Anne senses his approach and turns to watch him limp stiffly, like a zombie, across the mud. The mechanic, a giant of a man with long blond hair, tightens the grip on his wrench, scowling at him. He takes a step forward but is halted by Anne clicking her tongue.

“Hello, Todd,” Anne says, wiping her hands on a rag.

“Who are these guys?” he asks her, glancing nervously at the mechanic.

“I guess you could call them my crew. Marcus here I brought with me. Evan and Ramona heard about me and came here. They don’t want to stay. They want to go back out.”

“They call us Anne’s Rangers,” the mechanic tells him.

Todd likes the sound of that. “I thought you said there’s nothing out there.”

“I made a deal with Mattis,” Anne explains. “The Camp will supply us with diesel, weapons, some other things. We’ll find more survivors and bring them here. Run supplies and mail to the other camps. That sort of thing.”

Todd nods. “That’s a good job for you.”

“What about you? You staying, then?”

“I want to go home.”

Anne gives him a grim smile. “All right.”

“Is that okay with you?”

“Marcus will get you some gear. Then rest. Tomorrow, we go back out. We can use you.”

“Thank you, Anne.”

The blond giant nods and extends his hand in welcome.

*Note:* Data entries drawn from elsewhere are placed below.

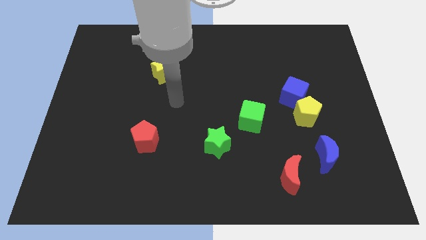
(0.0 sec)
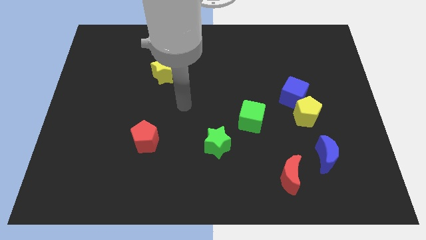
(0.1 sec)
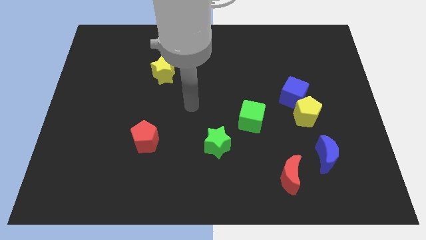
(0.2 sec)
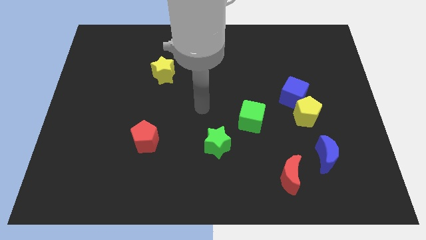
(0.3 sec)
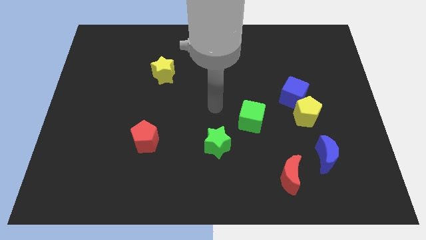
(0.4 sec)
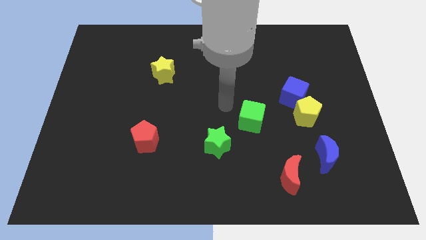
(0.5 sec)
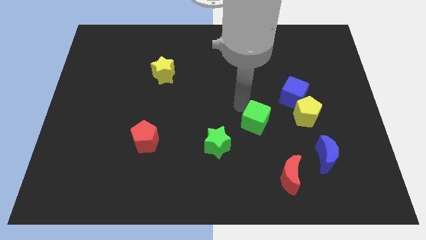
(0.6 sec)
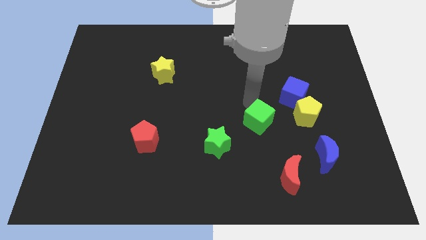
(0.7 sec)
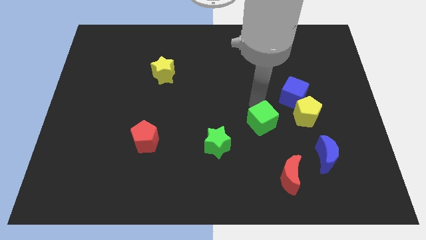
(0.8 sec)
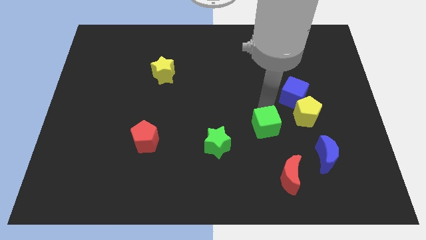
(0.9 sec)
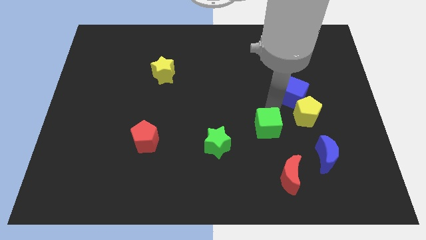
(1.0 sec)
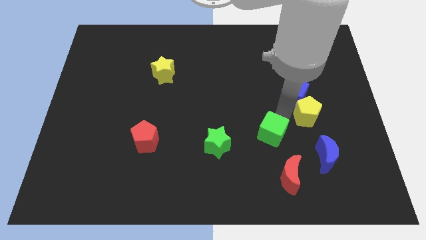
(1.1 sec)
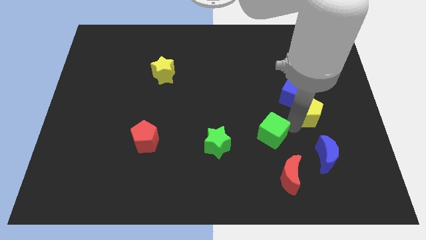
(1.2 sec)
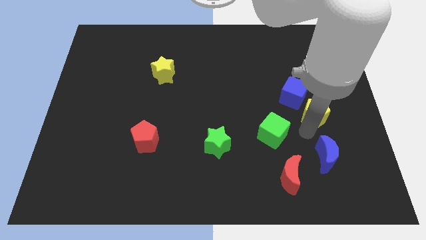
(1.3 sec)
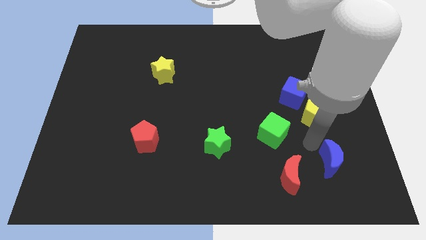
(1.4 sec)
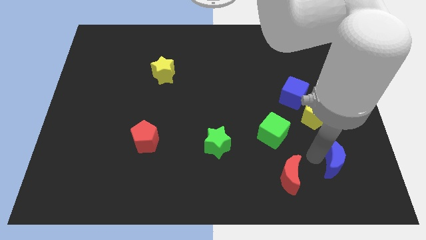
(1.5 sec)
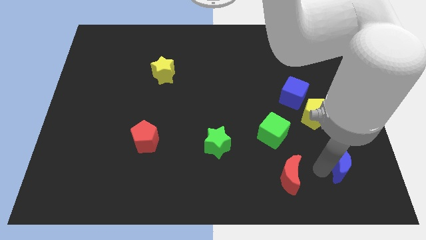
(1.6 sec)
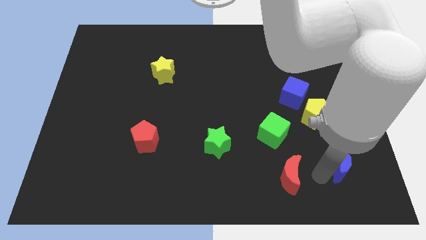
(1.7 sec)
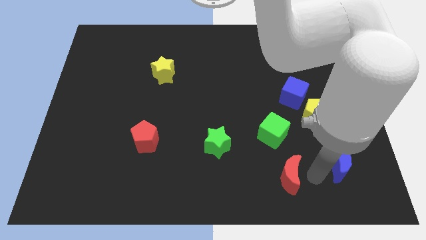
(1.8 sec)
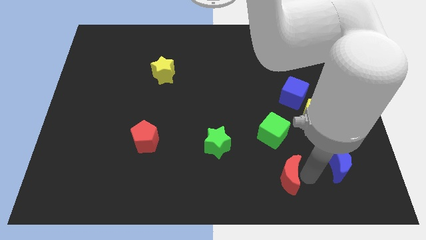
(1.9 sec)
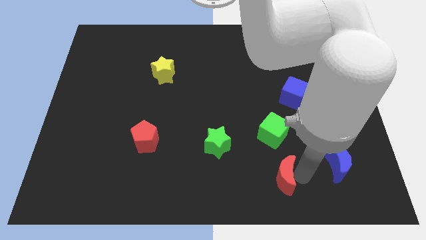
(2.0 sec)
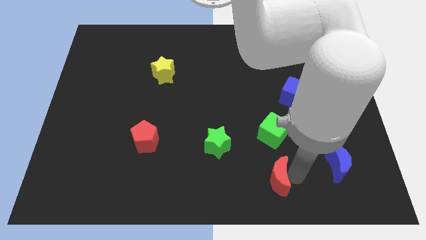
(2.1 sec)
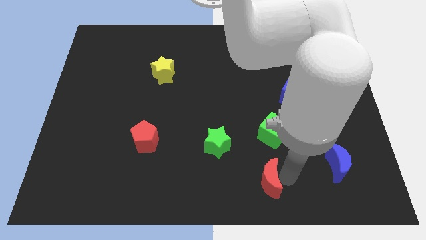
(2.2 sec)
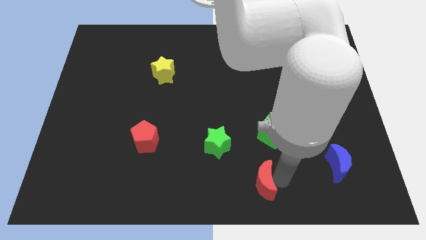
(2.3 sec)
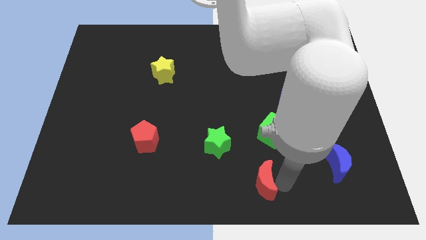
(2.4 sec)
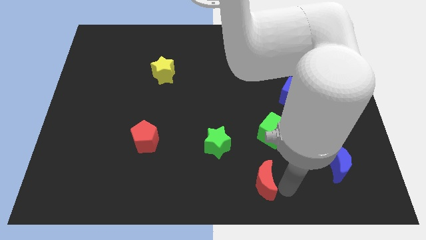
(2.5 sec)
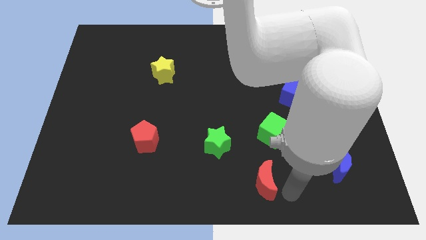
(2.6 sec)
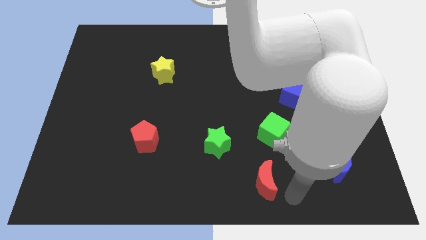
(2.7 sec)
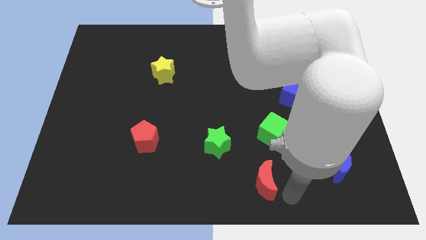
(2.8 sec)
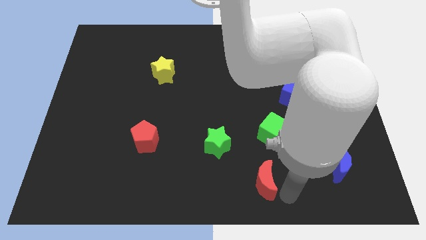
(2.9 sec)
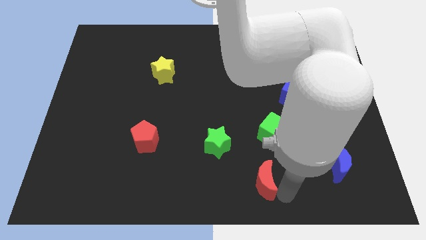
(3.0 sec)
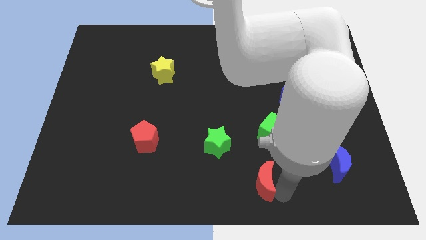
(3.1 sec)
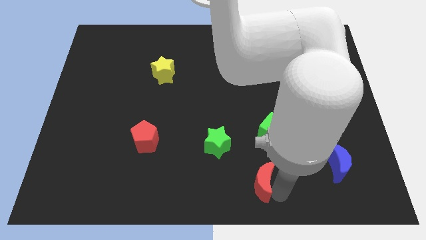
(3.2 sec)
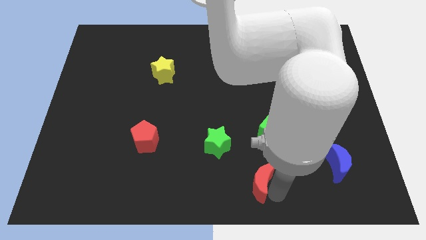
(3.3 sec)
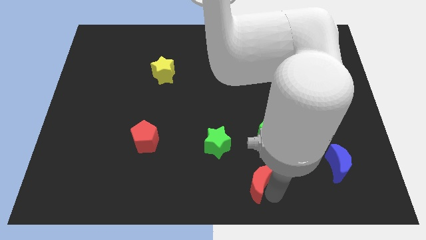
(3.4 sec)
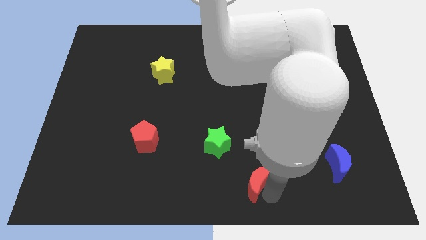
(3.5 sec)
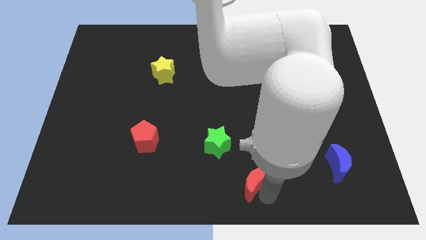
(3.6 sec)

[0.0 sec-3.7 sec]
push the red moon somewhat left

Todd smiles as he shakes it and thinks, I always wanted to belong somewhere.

Marcus

He was a good mechanic and this got him steady work at auto repair shops. Mufflers, brakes and shock absorbers, mostly, plus body repair and painting. After his wife died, leaving him with two growing boys, he quit Sears Auto Center and got a job closer to home as a service technician at a Toyota dealership. He was welding when the Screaming swept through town.

After hours of starting and stopping, swearing and leaning on his horn, Marcus pulled into the high school parking lot and lunged sweating from his truck. Inside, he pushed through the roar of red-faced parents and teachers and into the gym, where the survivors had laid the bodies of the fallen, students and teachers alike, in rows on the floor. Both Jack and Michael lay on their backs, their bodies still jerking in tiny spasms. He swept them up, one boy over each shoulder, and carried them to his truck. A teacher approached to challenge him but dodged aside after seeing the terrible expression on his face and his hands clenched into fists.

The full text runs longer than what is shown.